The science components currently available to choose from are listed in
the science library section.
Each science component needs to be spatio-temporally discretised through
SpaceDomain
and TimeDomain
instances, to be given data contained in
a DataSet
instance, and to be given parameter and/or constant values.

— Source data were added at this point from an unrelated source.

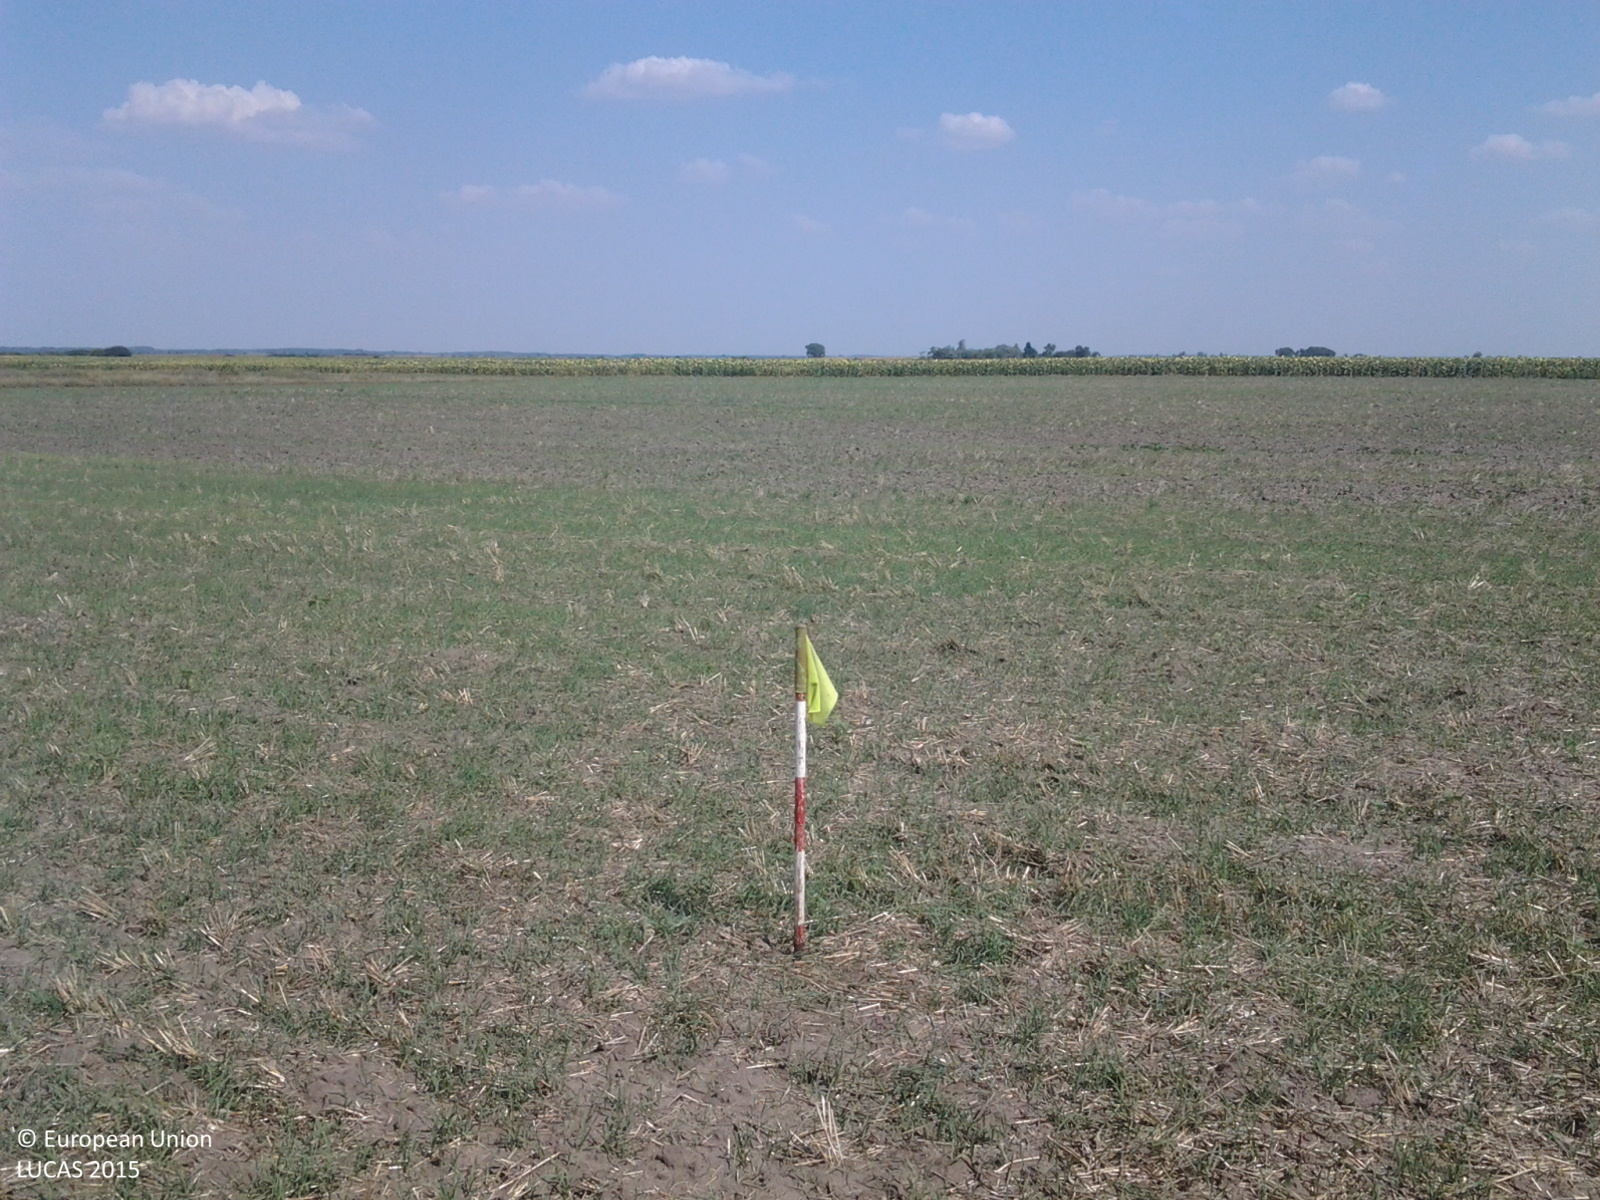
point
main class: Cropland
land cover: Common wheat
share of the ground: 10 - 25 %
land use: Agriculture (excluding fallow land and kitchen gardens)
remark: Harvested field
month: August
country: HU
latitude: 47.2861
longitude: 19.7140

See Fig. 3 for more details on how all these concepts are articulated together.
Time
TimeDomain
characterises the time dimension of a Component
, i.e.
the period and the temporal resolution.
>>> from datetime import datetime, timedelta
>>> timedomain = unifhy.TimeDomain.from_start_end_step(
... start=datetime(2017, 1, 1, 0, 0, 0),
... end=datetime(2017, 2, 1, 0, 0, 0),
... step=timedelta(hours=1),
... calendar='gregorian'
... )
>>> print(timedomain)
TimeDomain(
time (744,): [2017-01-01 00:00:00, ..., 2017-01-31 23:00:00] gregorian
bounds (744, 2): [[2017-01-01 00:00:00, ..., 2017-02-01 00:00:00]] gregorian
calendar: gregorian
units: seconds since 1970-01-01 00:00:00Z
period: 31 days, 0:00:00
timedelta: 1:00:00
)
Space
All spatial configurations supported by the framework are subclasses of
SpaceDomain
: they characterise the spatial dimensions of a Component
,
i.e. the region and the spatial resolution. The spatial configurations
currently supported can be found in the API Reference’s
Space section. LatLonGrid
is one example.
>>> spacedomain = unifhy.LatLonGrid.from_extent_and_resolution(
... latitude_extent=(51, 55),
... latitude_resolution=0.5,
... longitude_extent=(-2, 1),
... longitude_resolution=0.5
... )
>>> print(spacedomain)
LatLonGrid(
shape {Y, X}: (8, 6)
Y, latitude (8,): [51.25, ..., 54.75] degrees_north
X, longitude (6,): [-1.75, ..., 0.75] degrees_east
Y_bounds (8, 2): [[51.0, ..., 55.0]] degrees_north
X_bounds (6, 2): [[-2.0, ..., 1.0]] degrees_east
)
Three additional properties of SpaceDomain
may require to be set
depending on the component’s requirements: land_sea_mask,
flow_direction, and cell_area:
land_sea_mask may be used by a component to be aware of where there is land and where there is sea, but if set, it is also used to mask the component records;
flow_direction may be used by a component to determine where to move flow downstream, it is namely compulsory if the component is using the
SpaceDomain
’s route method;cell_area may be used by a component to determine the surface area of each spatial element in the component spacedomain. For some spacedomains (e.g.
LatLonGrid
,RotatedLatLonGrid
,BritishNationalGrid
), the cell area is calculated automatically by the framework if not already set.
>>> import cf
>>> spacedomain.land_sea_mask = (
... cf.read('data/land_sea_mask.nc').select_field('land_binary_mask')
... )
>>> print(spacedomain.land_sea_mask)
[[ True True True True True True]
[ True True True True True True]
[ True True True True True True]
[ True True True True True True]
[ True True True True True False]
[ True True True True True False]
[ True True True True False False]
[ True True True False False False]]
>>> spacedomain.flow_direction = (
... cf.read('data/flow_direction.nc').select_field("long_name=flow direction")
... )
Note
To check whether a component needs any of these spatial properties,
each Component
can be queried via its methods requires_land_sea_mask()
,
requires_flow_direction()
, and requires_cell_area()
.
Data
DataSet
must be used to gather all of the data required to run a Component
of Model
. It is a dictionary-like object that stores references to cf.Field
instances.
Warning
Only data fully compliant with the CF conventions (v1.8 or later) can be used.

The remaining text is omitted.